Task brief:
Would you set down each line of the data below exactly?

======

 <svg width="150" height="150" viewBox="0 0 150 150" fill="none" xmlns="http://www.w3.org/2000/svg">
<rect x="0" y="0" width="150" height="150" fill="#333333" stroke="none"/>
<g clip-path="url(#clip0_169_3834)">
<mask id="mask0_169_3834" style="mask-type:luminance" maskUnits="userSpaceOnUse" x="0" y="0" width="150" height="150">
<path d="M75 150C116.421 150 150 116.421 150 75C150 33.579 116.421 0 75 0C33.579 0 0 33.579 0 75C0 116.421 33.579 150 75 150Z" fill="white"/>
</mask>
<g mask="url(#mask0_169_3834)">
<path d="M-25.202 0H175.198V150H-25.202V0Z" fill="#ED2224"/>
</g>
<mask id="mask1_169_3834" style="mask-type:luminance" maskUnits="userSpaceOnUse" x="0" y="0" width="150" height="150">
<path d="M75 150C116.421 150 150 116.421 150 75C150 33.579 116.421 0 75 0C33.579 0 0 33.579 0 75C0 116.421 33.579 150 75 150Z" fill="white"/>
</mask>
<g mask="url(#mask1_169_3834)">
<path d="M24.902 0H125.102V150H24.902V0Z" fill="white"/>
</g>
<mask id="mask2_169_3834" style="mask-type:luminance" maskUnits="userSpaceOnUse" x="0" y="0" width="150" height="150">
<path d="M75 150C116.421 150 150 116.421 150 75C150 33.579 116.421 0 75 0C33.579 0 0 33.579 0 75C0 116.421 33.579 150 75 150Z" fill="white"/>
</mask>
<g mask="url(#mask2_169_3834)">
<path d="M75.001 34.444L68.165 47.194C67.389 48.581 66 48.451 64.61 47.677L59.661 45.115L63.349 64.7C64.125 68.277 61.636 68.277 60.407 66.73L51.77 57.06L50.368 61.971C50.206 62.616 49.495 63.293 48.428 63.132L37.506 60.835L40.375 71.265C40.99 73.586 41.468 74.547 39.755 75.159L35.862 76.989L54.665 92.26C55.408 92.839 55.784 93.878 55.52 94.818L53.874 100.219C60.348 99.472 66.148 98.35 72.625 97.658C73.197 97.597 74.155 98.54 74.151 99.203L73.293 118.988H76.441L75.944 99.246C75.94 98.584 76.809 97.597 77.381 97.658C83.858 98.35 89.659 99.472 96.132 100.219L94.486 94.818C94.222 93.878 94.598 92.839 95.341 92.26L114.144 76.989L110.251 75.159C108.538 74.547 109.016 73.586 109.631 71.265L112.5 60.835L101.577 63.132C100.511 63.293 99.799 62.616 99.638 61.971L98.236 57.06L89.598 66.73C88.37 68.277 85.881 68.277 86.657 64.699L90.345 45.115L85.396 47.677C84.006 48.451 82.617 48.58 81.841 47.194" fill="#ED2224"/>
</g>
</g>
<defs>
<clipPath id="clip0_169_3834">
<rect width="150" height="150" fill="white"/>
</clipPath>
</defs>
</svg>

======

Written reply:
 <svg width="150" height="150" viewBox="0 0 150 150" fill="none" xmlns="http://www.w3.org/2000/svg">
<rect x="0" y="0" width="150" height="150" fill="#333333" stroke="none"/>
<g clip-path="url(#clip0_169_3834)">
<mask id="mask0_169_3834" style="mask-type:luminance" maskUnits="userSpaceOnUse" x="0" y="0" width="150" height="150">
<path d="M75 150C116.421 150 150 116.421 150 75C150 33.579 116.421 0 75 0C33.579 0 0 33.579 0 75C0 116.421 33.579 150 75 150Z" fill="white"/>
</mask>
<g mask="url(#mask0_169_3834)">
<path d="M-25.202 0H175.198V150H-25.202V0Z" fill="#ED2224"/>
</g>
<mask id="mask1_169_3834" style="mask-type:luminance" maskUnits="userSpaceOnUse" x="0" y="0" width="150" height="150">
<path d="M75 150C116.421 150 150 116.421 150 75C150 33.579 116.421 0 75 0C33.579 0 0 33.579 0 75C0 116.421 33.579 150 75 150Z" fill="white"/>
</mask>
<g mask="url(#mask1_169_3834)">
<path d="M24.902 0H125.102V150H24.902V0Z" fill="white"/>
</g>
<mask id="mask2_169_3834" style="mask-type:luminance" maskUnits="userSpaceOnUse" x="0" y="0" width="150" height="150">
<path d="M75 150C116.421 150 150 116.421 150 75C150 33.579 116.421 0 75 0C33.579 0 0 33.579 0 75C0 116.421 33.579 150 75 150Z" fill="white"/>
</mask>
<g mask="url(#mask2_169_3834)">
<path d="M75.001 34.444L68.165 47.194C67.389 48.581 66 48.451 64.61 47.677L59.661 45.115L63.349 64.7C64.125 68.277 61.636 68.277 60.407 66.73L51.77 57.06L50.368 61.971C50.206 62.616 49.495 63.293 48.428 63.132L37.506 60.835L40.375 71.265C40.99 73.586 41.468 74.547 39.755 75.159L35.862 76.989L54.665 92.26C55.408 92.839 55.784 93.878 55.52 94.818L53.874 100.219C60.348 99.472 66.148 98.35 72.625 97.658C73.197 97.597 74.155 98.54 74.151 99.203L73.293 118.988H76.441L75.944 99.246C75.94 98.584 76.809 97.597 77.381 97.658C83.858 98.35 89.659 99.472 96.132 100.219L94.486 94.818C94.222 93.878 94.598 92.839 95.341 92.26L114.144 76.989L110.251 75.159C108.538 74.547 109.016 73.586 109.631 71.265L112.5 60.835L101.577 63.132C100.511 63.293 99.799 62.616 99.638 61.971L98.236 57.06L89.598 66.73C88.37 68.277 85.881 68.277 86.657 64.699L90.345 45.115L85.396 47.677C84.006 48.451 82.617 48.58 81.841 47.194" fill="#ED2224"/>
</g>
</g>
<defs>
<clipPath id="clip0_169_3834">
<rect width="150" height="150" fill="white"/>
</clipPath>
</defs>
</svg>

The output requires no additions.